**EXERCISE BRIEF**
In the answer, give the entries below exactly, from the first line through the line with "share of the ground: > 75 %", with every picture omitted.

**RECORDS SUPPLIED**
------------

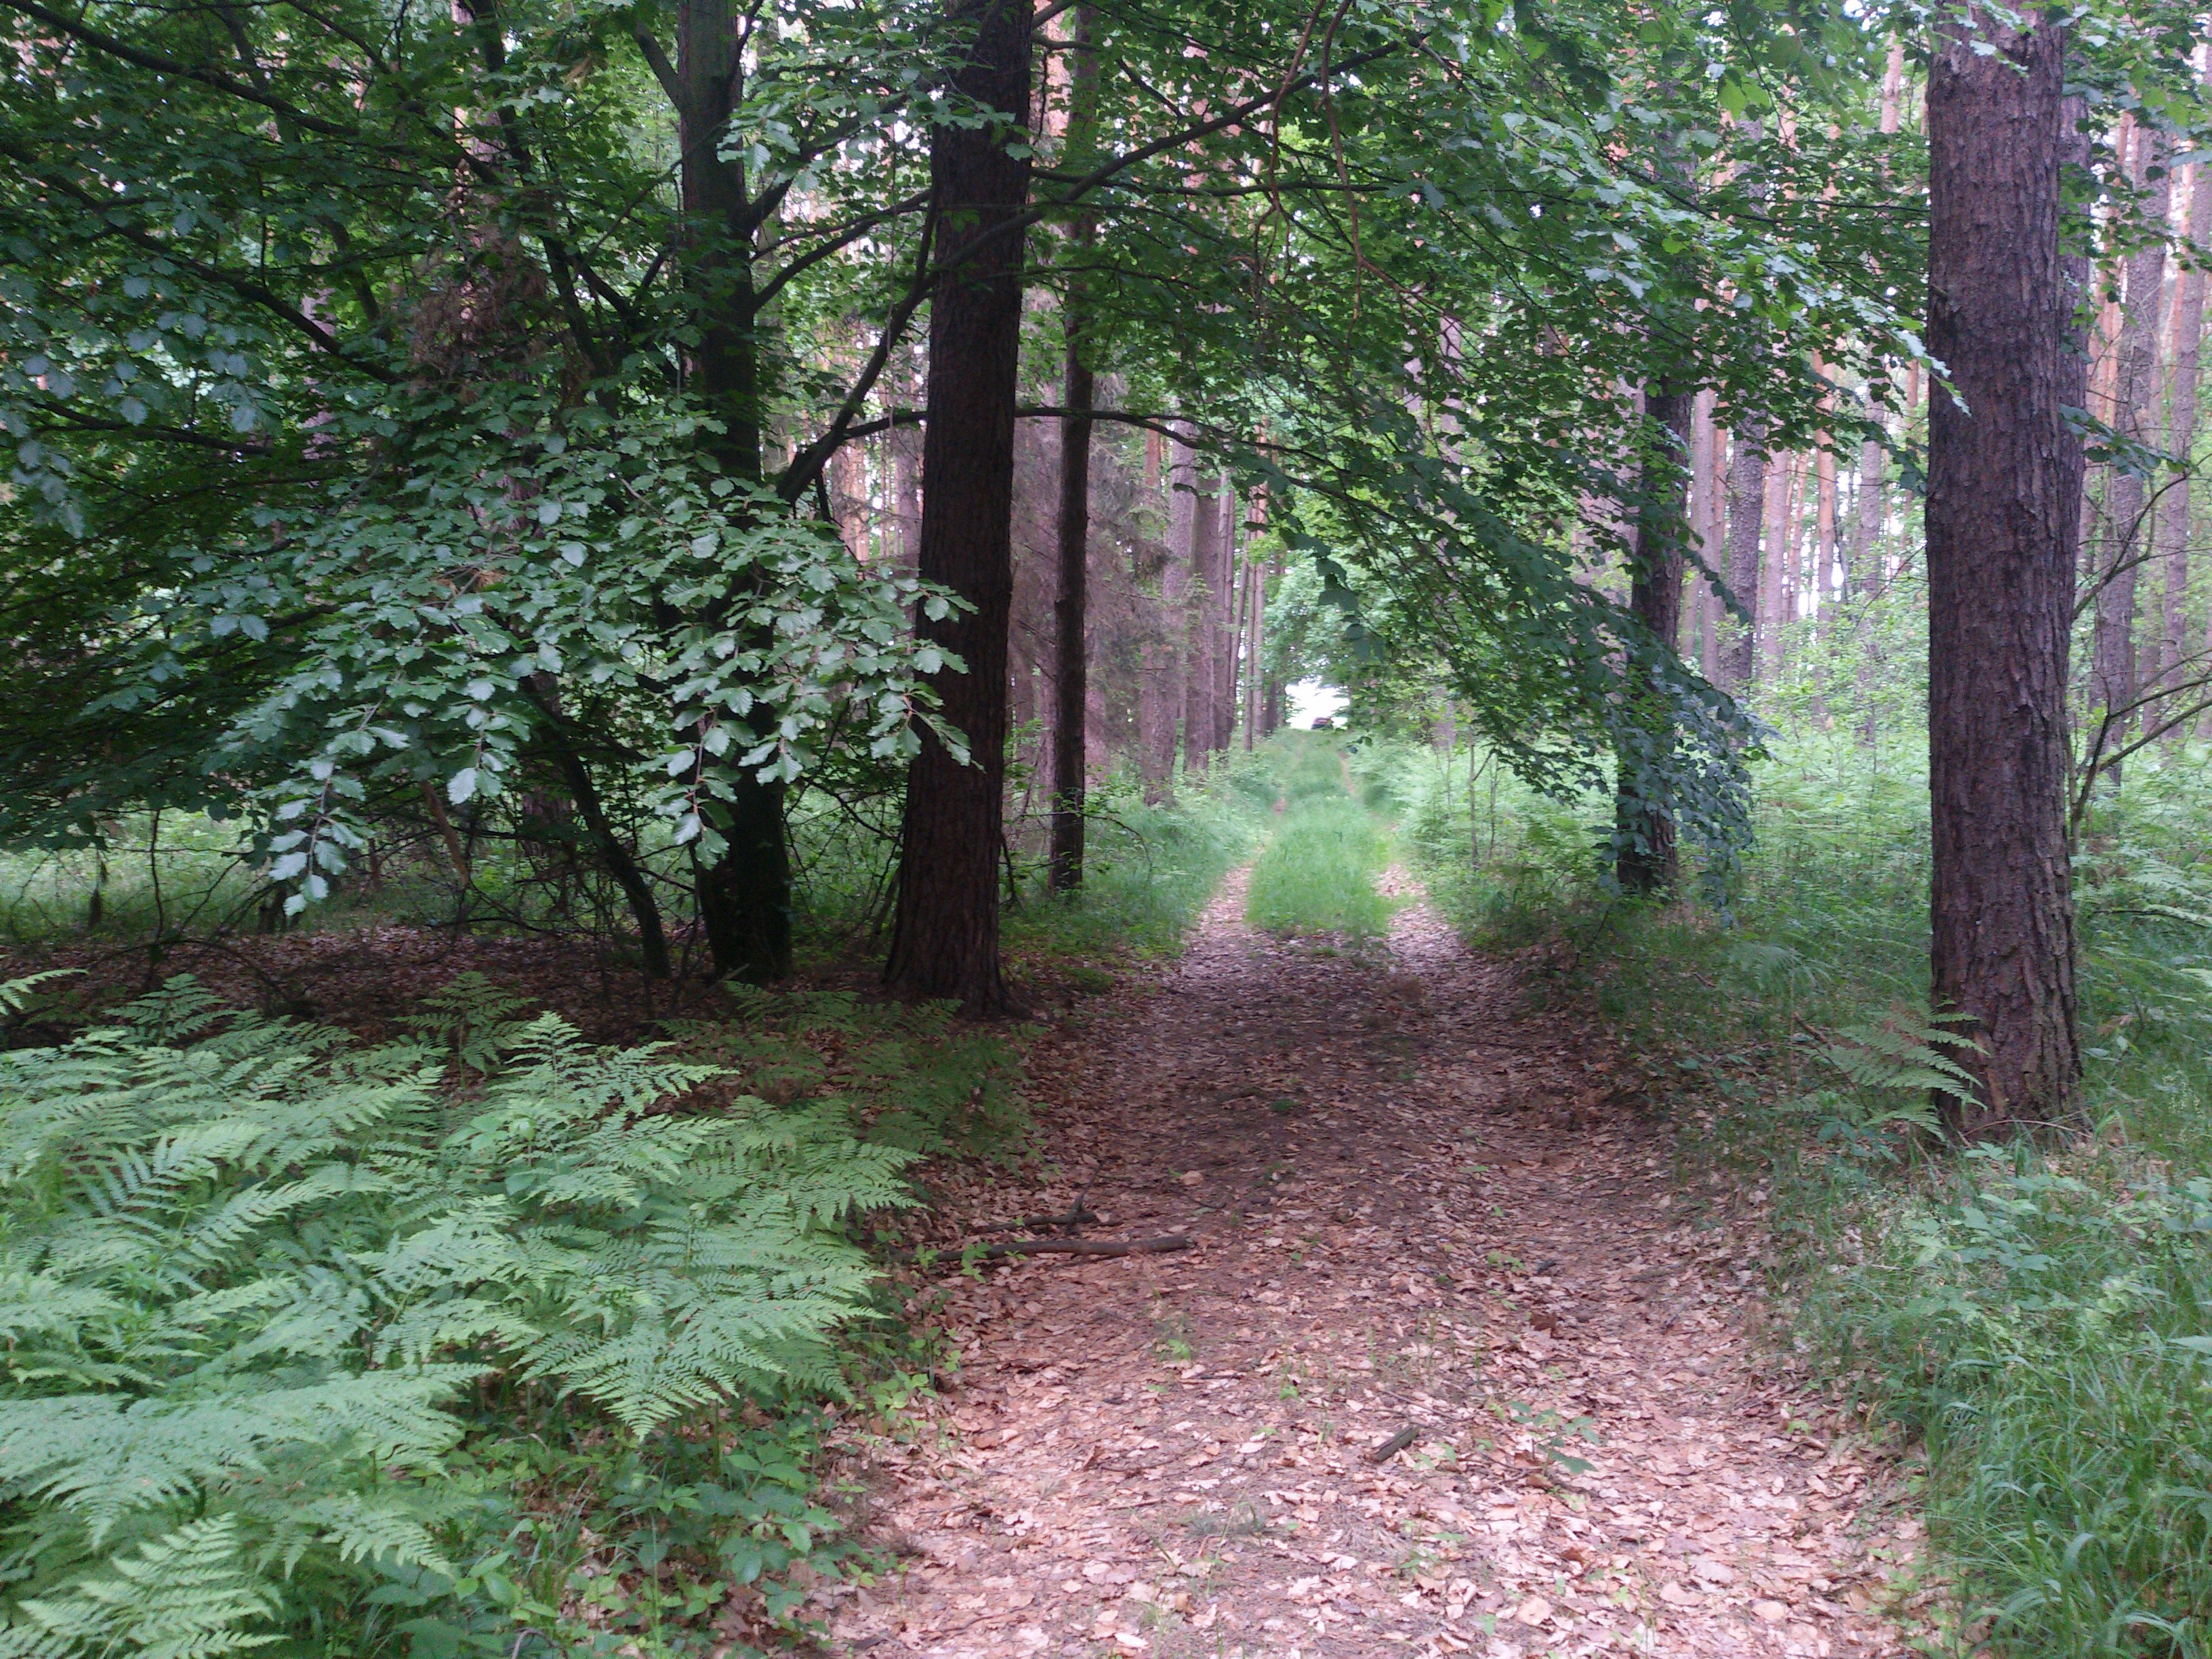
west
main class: Woodland
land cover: Pine dominated mixed woodland
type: hemiboreal forest and nemoral coniferous forest and mixed broadleaved-coniferous forest
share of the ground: > 75 %
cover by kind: coniferous forest trees 60 %, broadleaved forest trees 25 %, herbaceous plants 15 %
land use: Forestry
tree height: > 5 m
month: May
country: PL
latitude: 50.6664
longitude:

------------

**THE COMPLETED TASK**
west
main class: Woodland
land cover: Pine dominated mixed woodland
type: hemiboreal forest and nemoral coniferous forest and mixed broadleaved-coniferous forest
share of the ground: > 75 %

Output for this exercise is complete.